The next() method in the Reader that is used in the Iterator:

    System.out.println("Getting elements: " + num);
    INDArray features = Nd4j.create(new int[]{num, 1, 1}, 'f');
    INDArray labels = Nd4j.create(new int[]{num, 1, 1}, 'f');

    for(int i = 0; i < num && iter.hasNext(); i++)
    {
        String featureStr = iter.next();
        currentCursor++;
        featureStr = featureStr.split(";")[0];
        String[] featureAry = featureStr.split(",");
        for(int j = 0; j < featureAry.length - 1; j++)
        {
            int feature = Integer.parseInt(featureAry[j]);
            int label = Integer.parseInt(featureAry[j + 1]);
            features.putScalar(new int[]{i, feature, j}, 1.0);
            labels.putScalar(new int[]{i, label, j}, 1.0);
        }
    }
    return new DataSet(features, labels, null, null);

I also changed my dataset to this format:
32-bits of ‘n’ seperated by ‘,’ then the smaller prime of p,q, separated by ‘;’

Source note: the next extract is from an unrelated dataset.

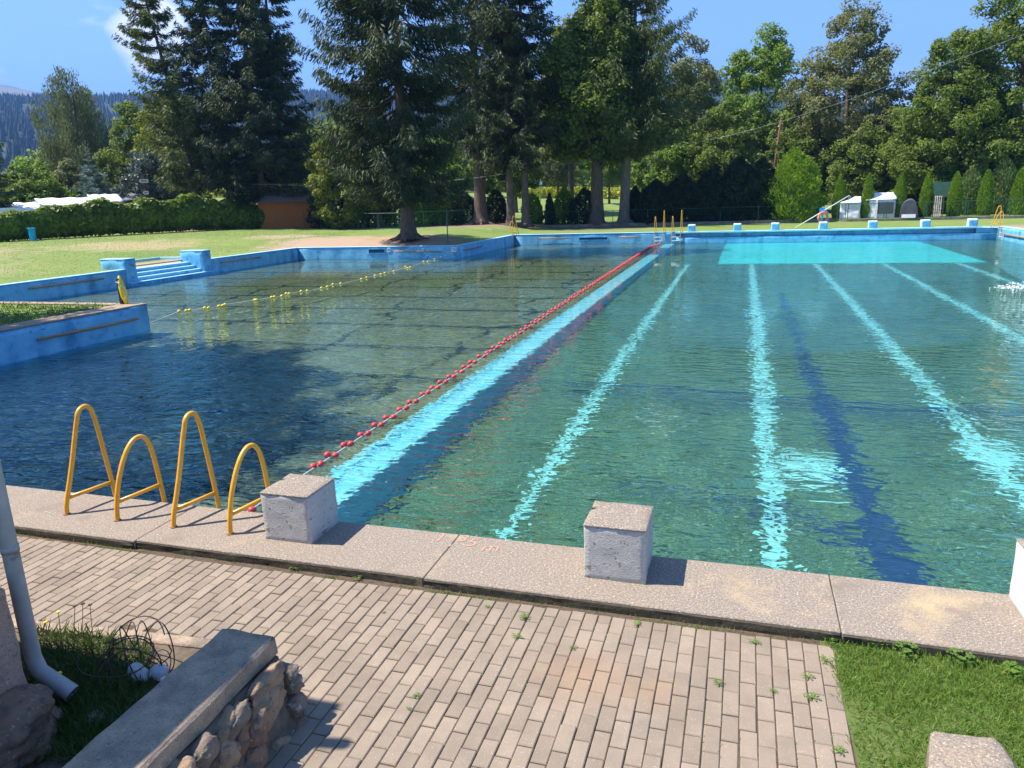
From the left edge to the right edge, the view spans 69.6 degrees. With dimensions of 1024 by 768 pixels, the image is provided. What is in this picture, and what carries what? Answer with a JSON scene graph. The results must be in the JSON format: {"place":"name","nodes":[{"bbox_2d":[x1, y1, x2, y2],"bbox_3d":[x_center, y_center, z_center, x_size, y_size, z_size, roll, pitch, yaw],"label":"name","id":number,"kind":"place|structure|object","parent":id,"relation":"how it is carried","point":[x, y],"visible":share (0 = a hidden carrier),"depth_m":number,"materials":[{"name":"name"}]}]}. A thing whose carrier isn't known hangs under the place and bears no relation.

1,0,1,0,1,0,0,1,1,0,1,0,1,0,1,0,1,1,0,0,1,0,1,0,0,1,0,1,0,0,0,1;49307

With that setup the error I’m currently getting is:

java.lang.RuntimeException: java.lang.IllegalArgumentException: input.size(1) does not match expected input size of 128 - got input array with shape [1, 2, 128, 1]

Which of the numbers from the shape needs to match the 128? And where could I change the first and the last number in the shape if that would be necessary?

@Fi0x DM me a reproducer I can run and I"ll take a look. Pass me a small dataset you’re using and a complete reproducer.

Your problem is complex enough that I just need to fix it foryou I think.